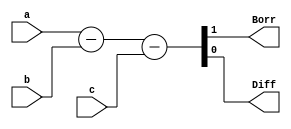
module FULLSUB_BEHAV
(
input a,b,c,
output Borr,Diff
);

assign{Borr,Diff}=a-b-c;
endmodule
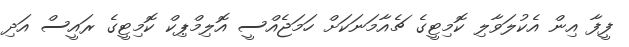
ފީފާ އިން އެކުލަވާލި ކޮމިޓީގެ ޗެއާމަނަކަށް ހަމަޖެއްސީ އޮލިމްޕިކް ކޮމިޓީގެ ރައީސް އަދި
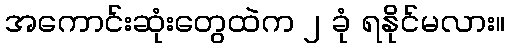
အကောင်းဆုံးတွေထဲက ၂ ခုံ ရနိုင်မလား။
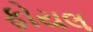
ફોયલ
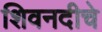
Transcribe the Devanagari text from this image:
शिवनदीचे
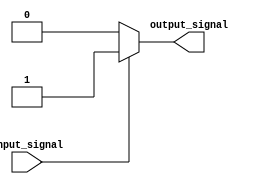
module voltage_level_shifter (
    input wire input_signal,
    output wire output_signal
);

// Detect input voltage level
assign output_signal = (input_signal == 1'b0) ? 1'b0 : 1'b1; // Translate input voltage level to desired output voltage level

endmodule
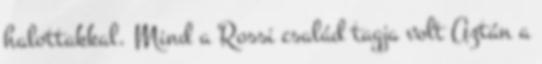
halottakkal. Mind a Rossi család tagja volt Aztán a
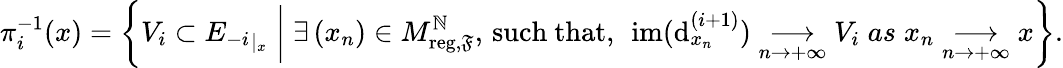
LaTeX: \pi_{i}^{-1}(x)=\left\{ V_{i}\subset{E_{-i}}_{|_{x}}\; \middle|\; \exists\, (x_{n})\in M_{\mathrm{reg},\mathfrak F}^{\mathbb{N}},\, \mathrm{such~that},\, \; \mathrm{im}(\mathrm{d}_{x_{n}}^{(i+1)})\underset{n\to+\infty}{\longrightarrow}V_{i}\; as\; x_{n}\underset{n\to+\infty}{\longrightarrow}x\right\} .
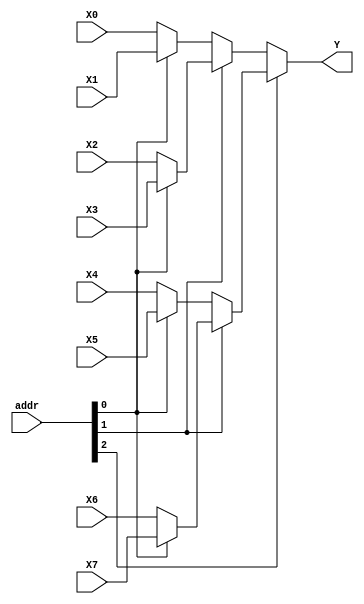
module bus_mux_8_1 #(
		parameter N = 8
) (
		input [2:0] addr,
		input [N-1:0] X0, X1, X2, X3, X4, X5, X6, X7,
		output [N-1:0] Y
);
assign Y = addr[2] ? (addr[1] ? (addr[0] ? X7 : X6) : (addr[0] ? X5 : X4)) : (addr[1] ? (addr[0] ? X3 : X2) : (addr[0] ? X1 : X0));

endmodule
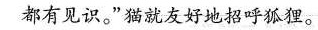
都有见识。”猫就友好地招呼狐狸。
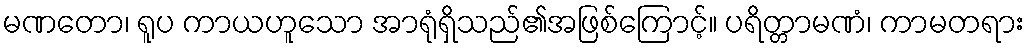
မဏတော၊ ရူပ ကာယဟူသော အာရုံရှိသည်၏အဖြစ်ကြောင့်။ ပရိတ္တာမဏံ၊ ကာမတရား
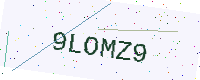
Text: 9LOMZ9
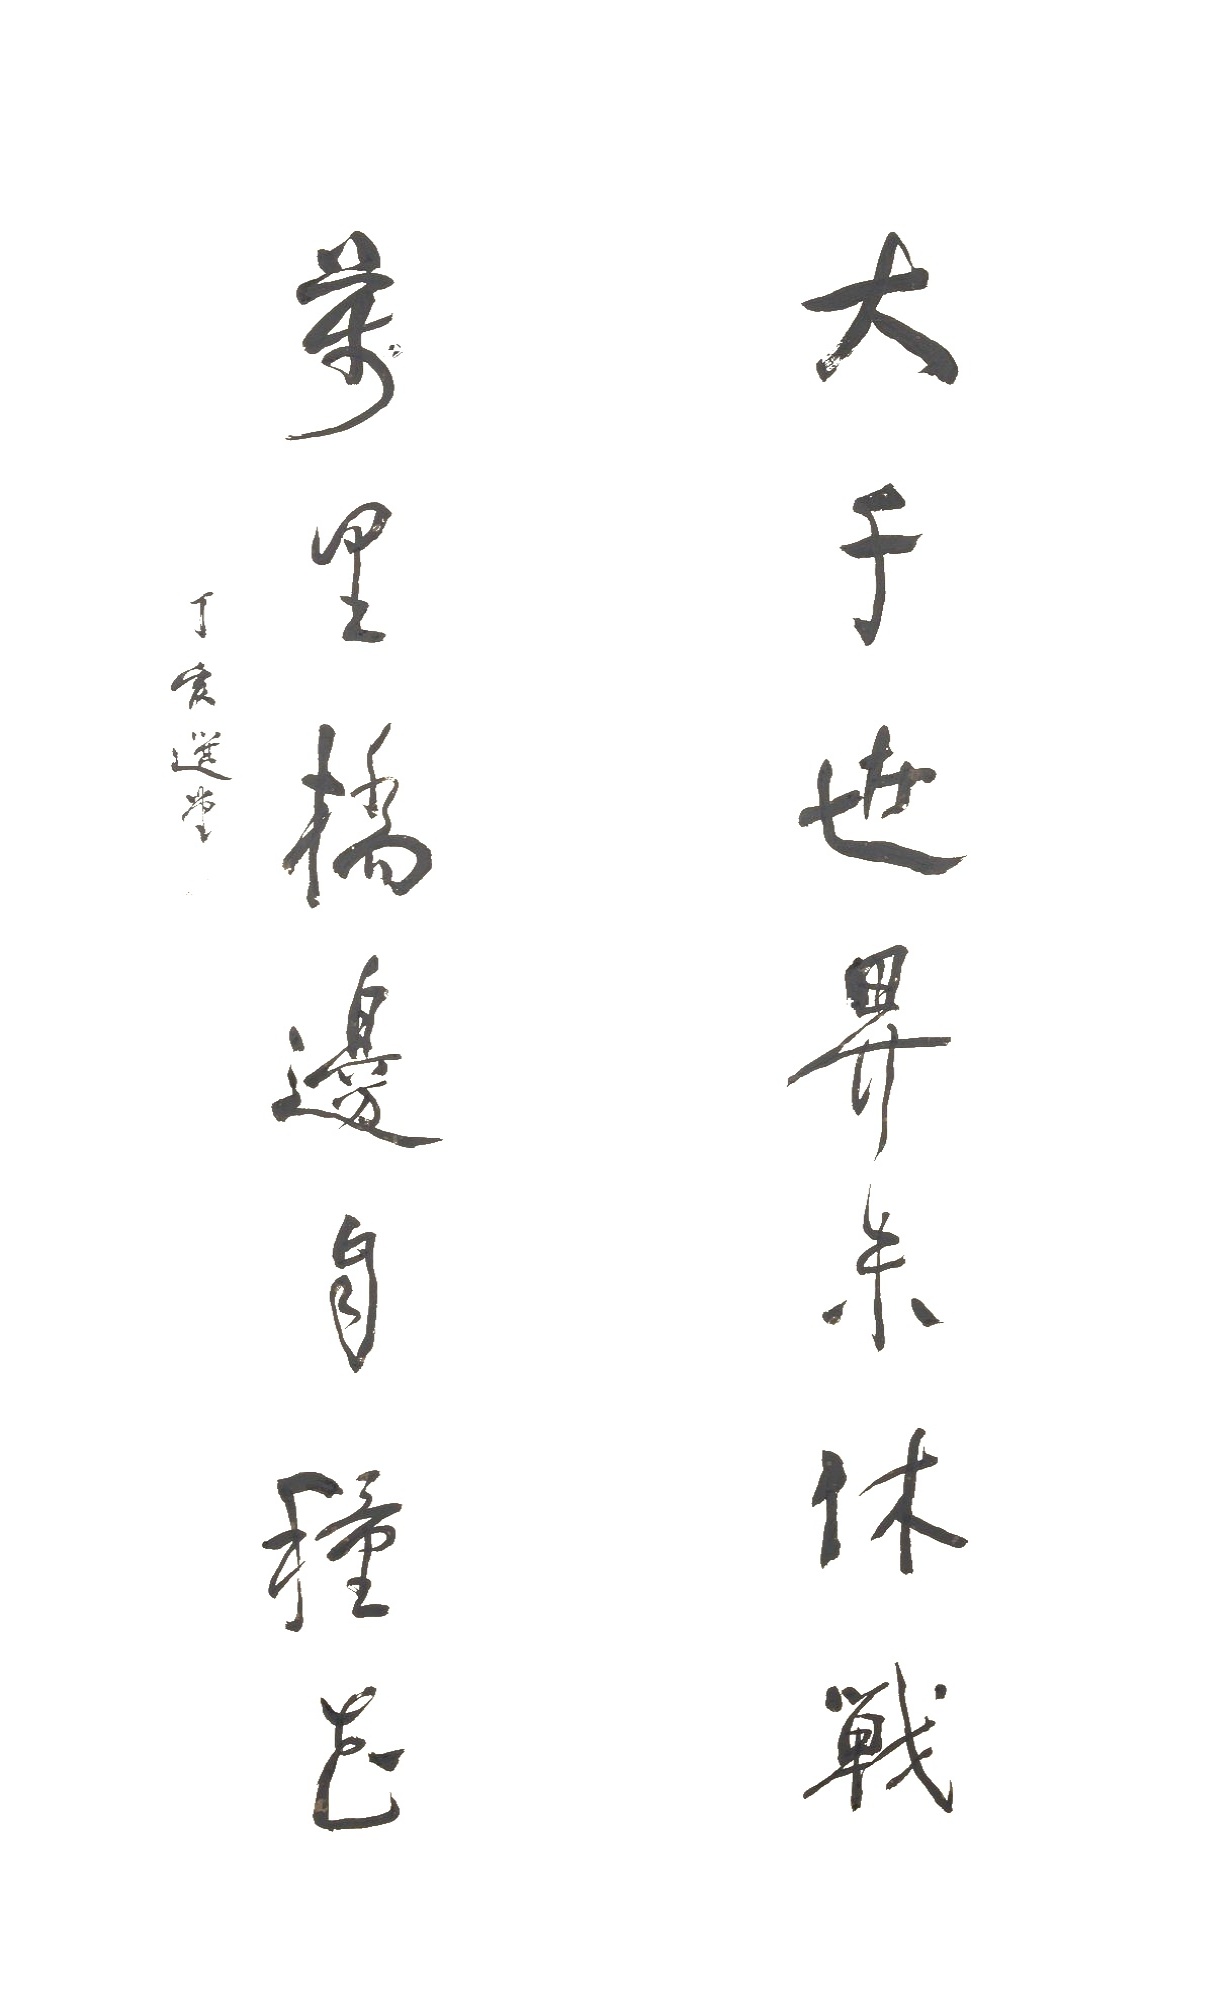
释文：大千世界未休战，万里桥边自种花。丁亥选堂。
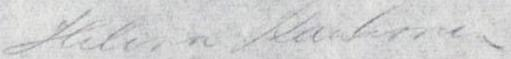
Helena Kaukonen
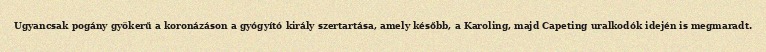
Ugyancsak pogány gyökerű a koronázáson a gyógyító király szertartása, amely később, a Karoling, majd Capeting uralkodók idején is megmaradt.
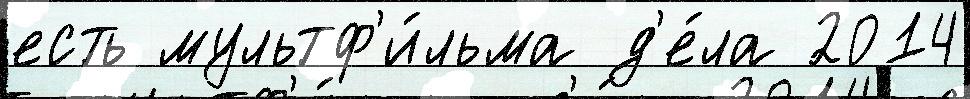
есть мультф'и́льма д'е́ла 2014
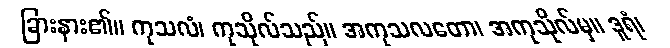
ခြားနား၏။ ကုသလံ၊ ကုသိုလ်သည်။ အကုသလတော၊ အကုသိုလ်မှ။ ဒူရံ၊
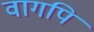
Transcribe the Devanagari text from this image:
वागपि
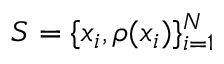
{ \cal { S } } = \{ x _ { i } , \rho ( x _ { i } ) \} _ { i = 1 } ^ { N }
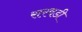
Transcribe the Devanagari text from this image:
सरवडी
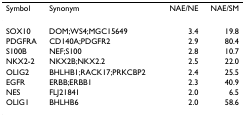
<table><thead><tr><td><b>Symbol</b></td><td><b>Synonym</b></td><td><b>NAE/NE</b></td><td><b>NAE/SM</b></td></tr></thead><tbody><tr><td>SOX10</td><td>DOM;WS4;MGC15649</td><td>3.4</td><td>19.8</td></tr><tr><td>PDGFRA</td><td>CD140A;PDGFR2</td><td>2.9</td><td>80.4</td></tr><tr><td>S100B</td><td>NEF;S100</td><td>2.8</td><td>10.7</td></tr><tr><td>NKX2-2</td><td>NKX2B;NKX2.2</td><td>2.5</td><td>22.0</td></tr><tr><td>OLIG2</td><td>BHLHB1;RACK17;PRKCBP2</td><td>2.4</td><td>25.5</td></tr><tr><td>EGFR</td><td>ERBB;ERBB1</td><td>2.3</td><td>40.9</td></tr><tr><td>NES</td><td>FLJ21841</td><td>2.0</td><td>6.5</td></tr><tr><td>OLIG1</td><td>BHLHB6</td><td>2.0</td><td>58.6</td></tr></tbody></table>
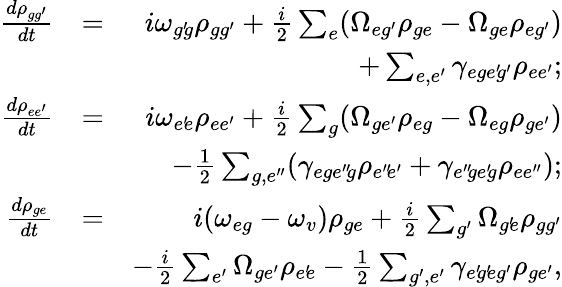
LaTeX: \begin{array}{rlr}{\frac{d\rho_{gg^{\prime}}}{dt}}&{=}&{i\omega_{g^{\prime}\! g}\rho_{gg^{\prime}}+\frac{i}{2}\sum_{e}(\Omega_{eg^{\prime}}\rho_{ge}-\Omega_{ge}\rho_{eg^{\prime}})}\\ &{}&{+\sum_{e,e^{\prime}}\gamma_{ege^{\prime}\! g^{\prime}}\rho_{ee^{\prime}};}\\ {\frac{d\rho_{ee^{\prime}}}{dt}}&{=}&{i\omega_{e^{\prime}\! e}\rho_{ee^{\prime}}+\frac{i}{2}\sum_{g}(\Omega_{ge^{\prime}}\rho_{eg}-\Omega_{eg}\rho_{ge^{\prime}})}\\ &{}&{-\frac{1}{2}\sum_{g,e^{\prime\prime}}(\gamma_{ege^{\prime\prime}\! g}\rho_{e^{\prime\prime}\! e^{\prime}}+\gamma_{e^{\prime\prime}\! ge^{\prime}\! g}\rho_{ee^{\prime\prime}});}\\ {\frac{d\rho_{ge}}{dt}}&{=}&{i(\omega_{eg}-\omega_{v})\rho_{ge}+\frac{i}{2}\sum_{g^{\prime}}\Omega_{g^{\prime}\! e}\rho_{gg^{\prime}}}\\ &{}&{-\frac{i}{2}\sum_{e^{\prime}}\Omega_{ge^{\prime}}\rho_{e^{\prime}\! e}-\frac{1}{2}\sum_{g^{\prime},e^{\prime}}\gamma_{e^{\prime}\! g^{\prime}\! eg^{\prime}}\rho_{ge^{\prime}},}\end{array}
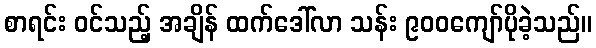
စာရင်း ဝင်သည့် အချိန် ထက်ဒေါ်လာ သန်း ၉၀၀ကျော်ပိုခဲ့သည်။
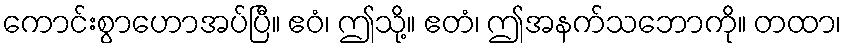
ကောင်းစွာဟောအပ်ပြီ။ ဧဝံ၊ ဤသို့။ ဧတံ၊ ဤအနက်သဘောကို။ တထာ၊
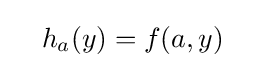
\quad h_{a}(y)=f(a,y)\quad
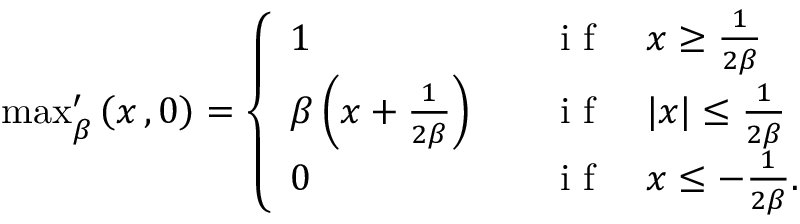
\begin{array} { r } { \operatorname* { m a x } _ { \beta } ^ { \prime } \left( x \, , 0 \right) = \left\{ \begin{array} { l l } { 1 } & { \quad \mathrm { ~ i ~ f ~ } \quad x \ge \frac { 1 } { 2 \beta } } \\ { \beta \left( x + \frac { 1 } { 2 \beta } \right) } & { \quad \mathrm { ~ i ~ f ~ } \quad | x | \le \frac { 1 } { 2 \beta } } \\ { 0 } & { \quad \mathrm { ~ i ~ f ~ } \quad x \le - \frac { 1 } { 2 \beta } . } \end{array} \right. } \end{array}
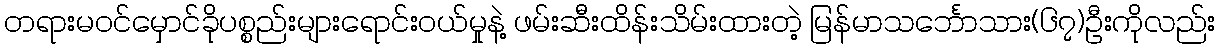
တရားမဝင်မှောင်ခိုပစ္စည်းများရောင်းဝယ်မှုနဲ့ ဖမ်းဆီးထိန်းသိမ်းထားတဲ့ မြန်မာသင်္ဘောသား(၆၇)ဦးကိုလည်း
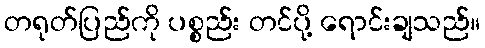
တရုတ်ပြည်ကို ပစ္စည်း တင်ပို့ ရောင်းချသည်။

============================================================

▶ **Work instruction**
Among the lines above, the one with "Detect input voltage level" opens the part to repeat and the one with "halottakkal. Mind a" closes it; repeat only that part exactly, with no pictures.

▶ **The completed task**
// Detect input voltage level
assign output_signal = (input_signal == 1'b0) ? 1'b0 : 1'b1; // Translate input voltage level to desired output voltage level

endmodule
halottakkal. Mind a Rossi család tagja volt Aztán a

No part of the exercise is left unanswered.